Word for word, restate the data that follows, omitting the images.
------------------------------
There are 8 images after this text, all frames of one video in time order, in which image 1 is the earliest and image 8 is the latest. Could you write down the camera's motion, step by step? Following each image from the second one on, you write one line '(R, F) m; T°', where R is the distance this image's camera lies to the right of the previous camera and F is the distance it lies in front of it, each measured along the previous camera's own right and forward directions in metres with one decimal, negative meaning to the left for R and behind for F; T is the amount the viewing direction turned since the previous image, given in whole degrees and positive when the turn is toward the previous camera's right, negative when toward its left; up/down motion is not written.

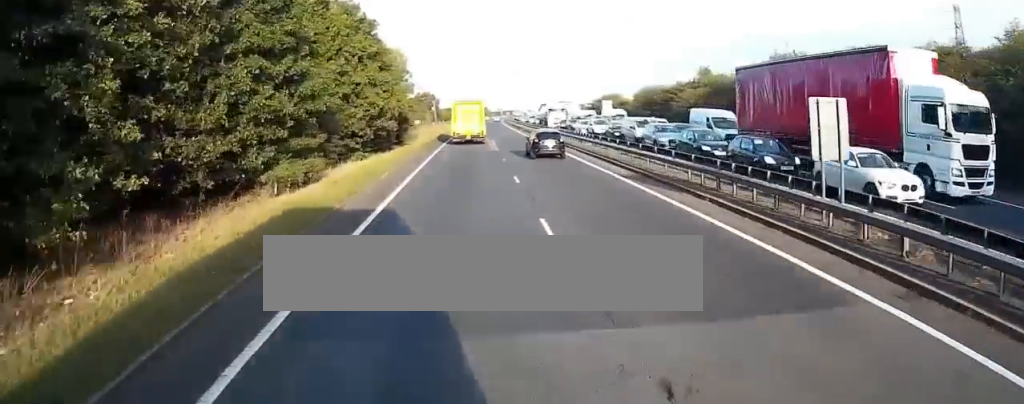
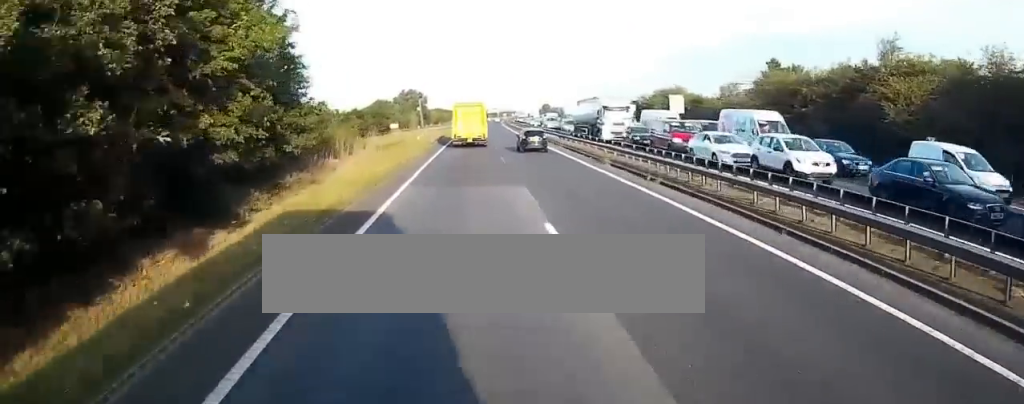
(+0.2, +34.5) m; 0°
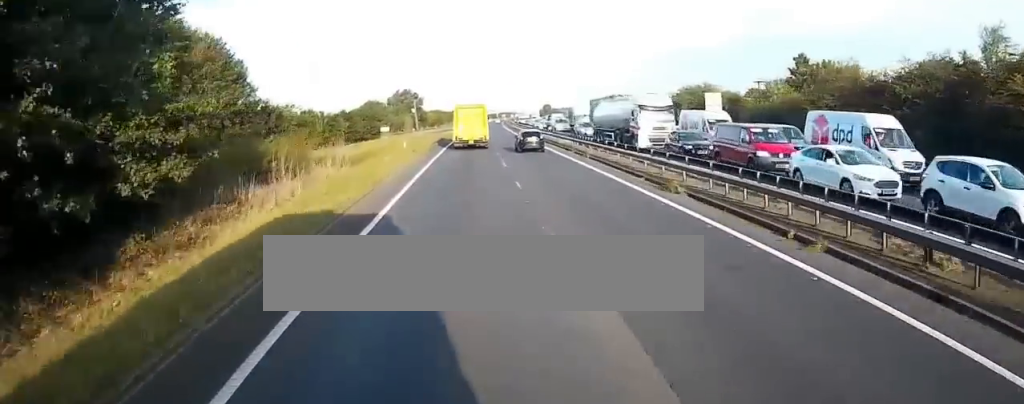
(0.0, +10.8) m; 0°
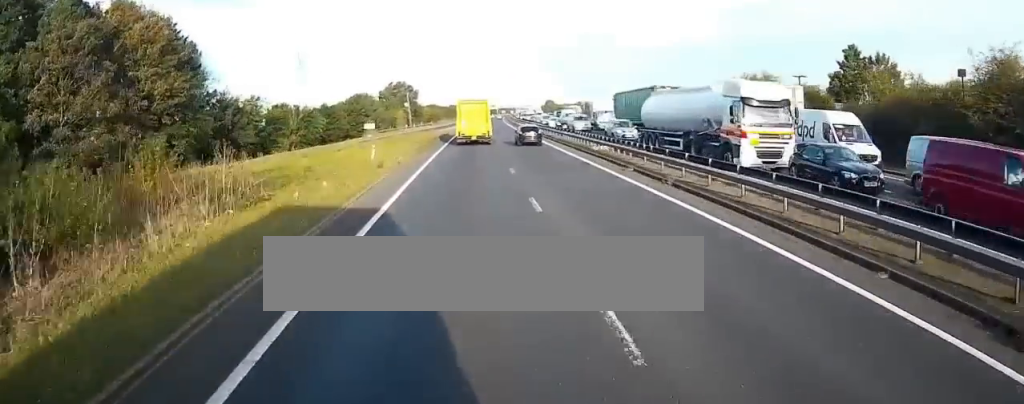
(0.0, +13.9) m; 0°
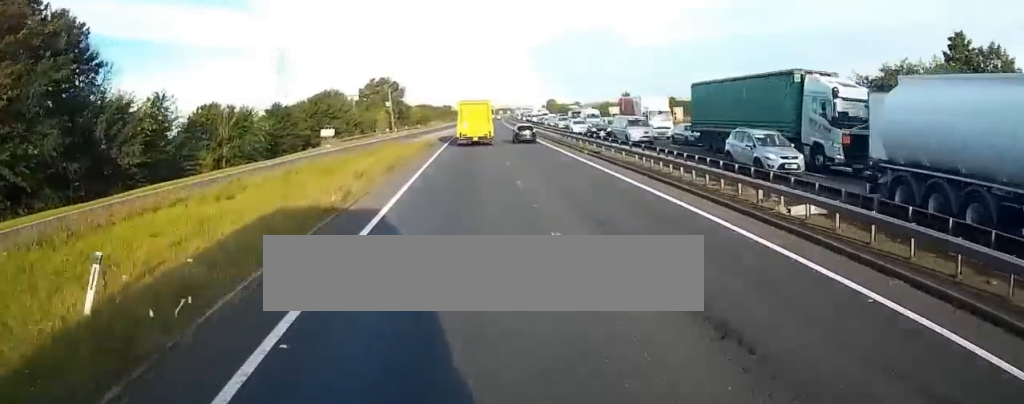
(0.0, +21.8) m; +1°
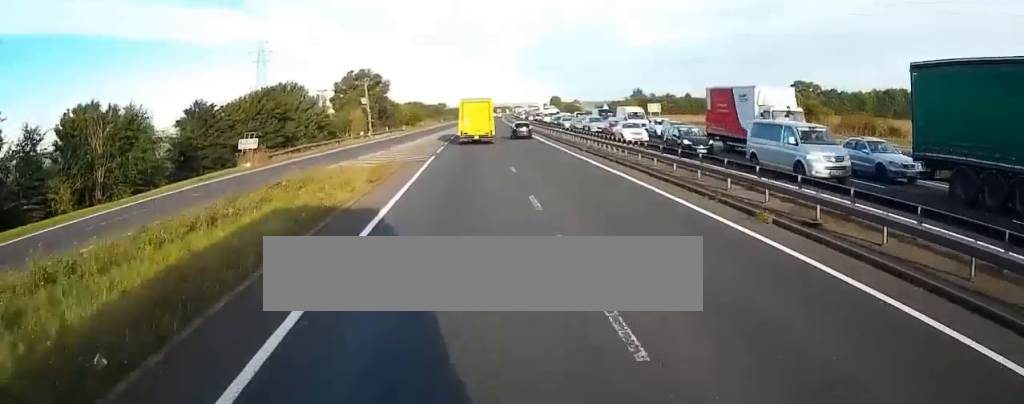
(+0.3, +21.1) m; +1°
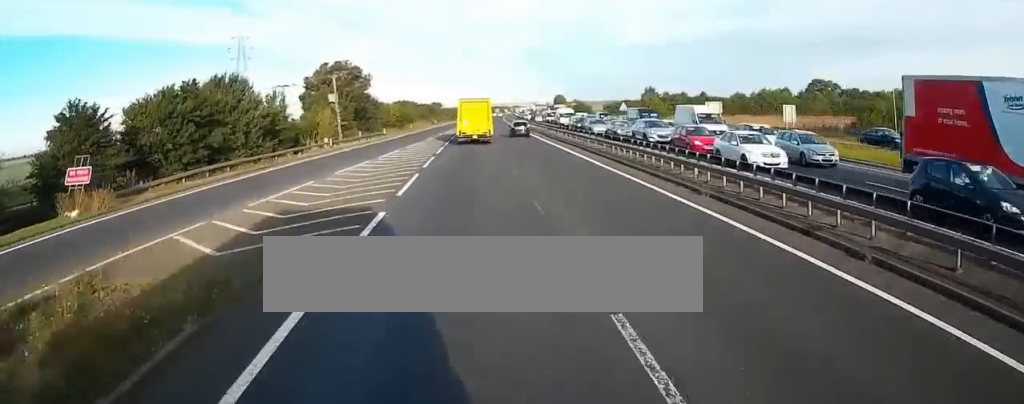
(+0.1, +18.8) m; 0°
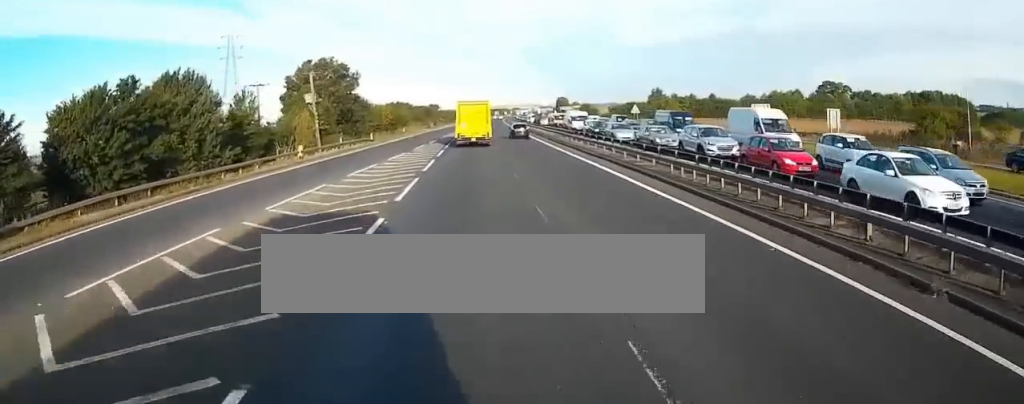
------------------------------
◆ YOUR RESPONSE:
There are 8 images after this text, all frames of one video in time order, in which image 1 is the earliest and image 8 is the latest. Could you write down the camera's motion, step by step? Following each image from the second one on, you write one line '(R, F) m; T°', where R is the distance this image's camera lies to the right of the previous camera and F is the distance it lies in front of it, each measured along the previous camera's own right and forward directions in metres with one decimal, negative meaning to the left for R and behind for F; T is the amount the viewing direction turned since the previous image, given in whole degrees and positive when the turn is toward the previous camera's right, negative when toward its left; up/down motion is not written.

(+0.2, +34.5) m; 0°
(0.0, +10.8) m; 0°
(0.0, +13.9) m; 0°
(0.0, +21.8) m; +1°
(+0.3, +21.1) m; +1°
(+0.1, +18.8) m; 0°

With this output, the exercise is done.